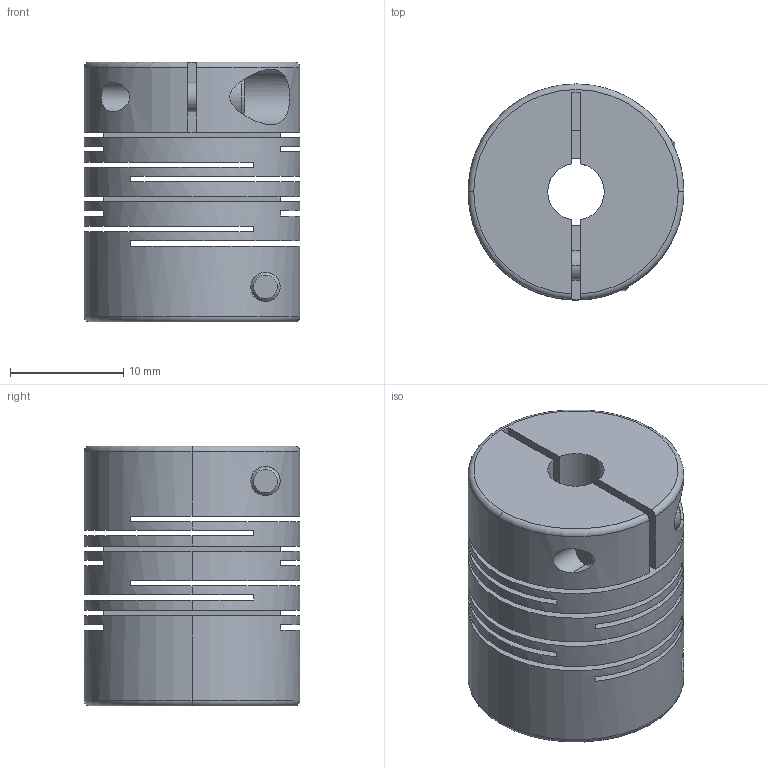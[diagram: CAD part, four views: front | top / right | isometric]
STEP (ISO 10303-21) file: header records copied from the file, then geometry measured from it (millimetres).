
FILE_DESCRIPTION (( 'STEP AP203' ), '1' );
FILE_NAME ('SRB-19C-5-6.step', '2025-10-16T13:55:23', ( '' ), ( '' ), 'SwSTEP 2.0', 'SolidWorks 2024', '' );
FILE_SCHEMA (( 'CONFIG_CONTROL_DESIGN' ));
Length unit declared in the file: millimetre
Products named in the file (1): SRB-19C-5-6
Bounding box: 19.1 x 19.1 x 23 mm (x, y, z)
Volume: 4926.8 mm3; surface area: 6022.9 mm2
Topology: 1 solids, 1 shells, 115 faces, 302 edges, 197 vertices
Faces by surface type: plane 60, cylinder 42, cone 8, torus 5
Entity records: 3897 total; most frequent: CARTESIAN_POINT 847, DIRECTION 646, ORIENTED_EDGE 604, EDGE_CURVE 302, AXIS2_PLACEMENT_3D 240, VERTEX_POINT 197, LINE 166, VECTOR 166
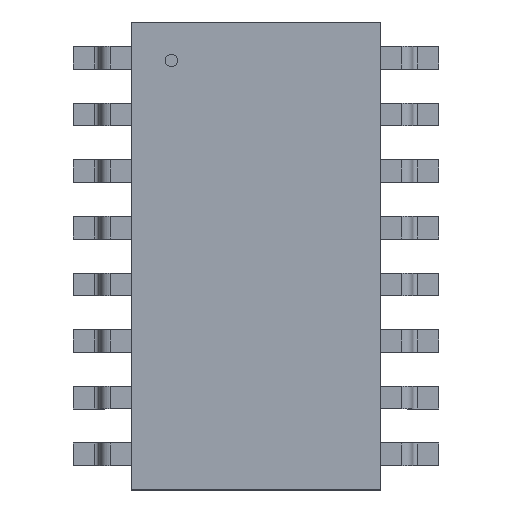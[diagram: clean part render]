
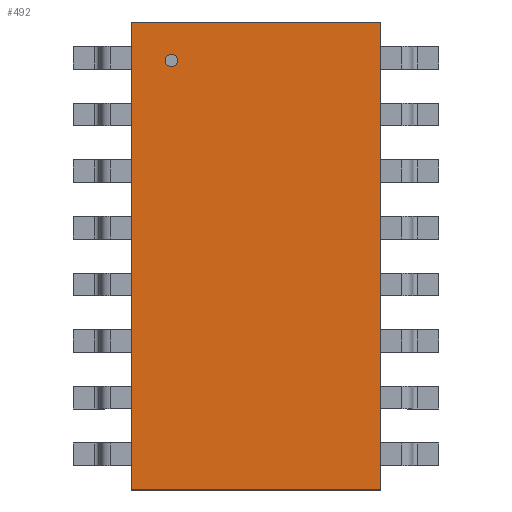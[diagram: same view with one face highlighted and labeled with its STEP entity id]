
A CAD part, top view. The second image highlights one B-rep face of the part: STEP entity #492.
In plain terms, the highlighted planar face has unit normal (0, 0, 1).
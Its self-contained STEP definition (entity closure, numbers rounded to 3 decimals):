
#268=CARTESIAN_POINT('',(2.794,-5.245,2.007));
#267=VERTEX_POINT('',#268);
#278=CARTESIAN_POINT('',(-2.794,-5.245,2.007));
#277=VERTEX_POINT('',#278);
#276=EDGE_CURVE('',#277,#267,#281,.T.);
#281=LINE('',#278,#283);
#283=VECTOR('',#284,5.588);
#284=DIRECTION('',(1.0,0.0,0.0));
#317=CARTESIAN_POINT('',(2.794,5.245,2.007));
#316=VERTEX_POINT('',#317);
#325=EDGE_CURVE('',#267,#316,#330,.T.);
#330=LINE('',#268,#332);
#332=VECTOR('',#333,10.49);
#333=DIRECTION('',(0.0,1.0,0.0));
#366=CARTESIAN_POINT('',(-2.794,5.245,2.007));
#365=VERTEX_POINT('',#366);
#374=EDGE_CURVE('',#316,#365,#379,.T.);
#379=LINE('',#317,#381);
#381=VECTOR('',#382,5.588);
#382=DIRECTION('',(-1.0,0.0,0.0));
#423=EDGE_CURVE('',#365,#277,#428,.T.);
#428=LINE('',#366,#430);
#430=VECTOR('',#431,10.49);
#431=DIRECTION('',(0.0,-1.0,0.0));
#492=ADVANCED_FACE('',(#498),#493,.T.);
#493=PLANE('',#494);
#494=AXIS2_PLACEMENT_3D('',#495,#496,#497);
#495=CARTESIAN_POINT('',(-2.794,-5.245,2.007));
#496=DIRECTION('',(0.0,0.0,1.0));
#497=DIRECTION('',(0.,1.,0.));
#498=FACE_OUTER_BOUND('',#499,.T.);
#499=EDGE_LOOP('',(#500,#510,#520,#530));
#500=ORIENTED_EDGE('',*,*,#276,.T.);
#510=ORIENTED_EDGE('',*,*,#325,.T.);
#520=ORIENTED_EDGE('',*,*,#374,.T.);
#530=ORIENTED_EDGE('',*,*,#423,.T.);

ASSIGNMENT: The lines to copy exactly start with the line above that has "Topology: 1 solids, 1" and go on through the line that has "#430=VECTOR('',#431,10.49);"; please include both, add nothing else, and omit the pictures.

RESULT FOR THIS EXERCISE:
Topology: 1 solids, 1 shells, 115 faces, 302 edges, 197 vertices
Faces by surface type: plane 60, cylinder 42, cone 8, torus 5
Entity records: 3897 total; most frequent: CARTESIAN_POINT 847, DIRECTION 646, ORIENTED_EDGE 604, EDGE_CURVE 302, AXIS2_PLACEMENT_3D 240, VERTEX_POINT 197, LINE 166, VECTOR 166
[diagram: clean part render]
[diagram: same view with one face highlighted and labeled with its STEP entity id]
A CAD part, top view. The second image highlights one B-rep face of the part: STEP entity #492.
In plain terms, the highlighted planar face has unit normal (0, 0, 1).
Its self-contained STEP definition (entity closure, numbers rounded to 3 decimals):
#268=CARTESIAN_POINT('',(2.794,-5.245,2.007));
#267=VERTEX_POINT('',#268);
#278=CARTESIAN_POINT('',(-2.794,-5.245,2.007));
#277=VERTEX_POINT('',#278);
#276=EDGE_CURVE('',#277,#267,#281,.T.);
#281=LINE('',#278,#283);
#283=VECTOR('',#284,5.588);
#284=DIRECTION('',(1.0,0.0,0.0));
#317=CARTESIAN_POINT('',(2.794,5.245,2.007));
#316=VERTEX_POINT('',#317);
#325=EDGE_CURVE('',#267,#316,#330,.T.);
#330=LINE('',#268,#332);
#332=VECTOR('',#333,10.49);
#333=DIRECTION('',(0.0,1.0,0.0));
#366=CARTESIAN_POINT('',(-2.794,5.245,2.007));
#365=VERTEX_POINT('',#366);
#374=EDGE_CURVE('',#316,#365,#379,.T.);
#379=LINE('',#317,#381);
#381=VECTOR('',#382,5.588);
#382=DIRECTION('',(-1.0,0.0,0.0));
#423=EDGE_CURVE('',#365,#277,#428,.T.);
#428=LINE('',#366,#430);
#430=VECTOR('',#431,10.49);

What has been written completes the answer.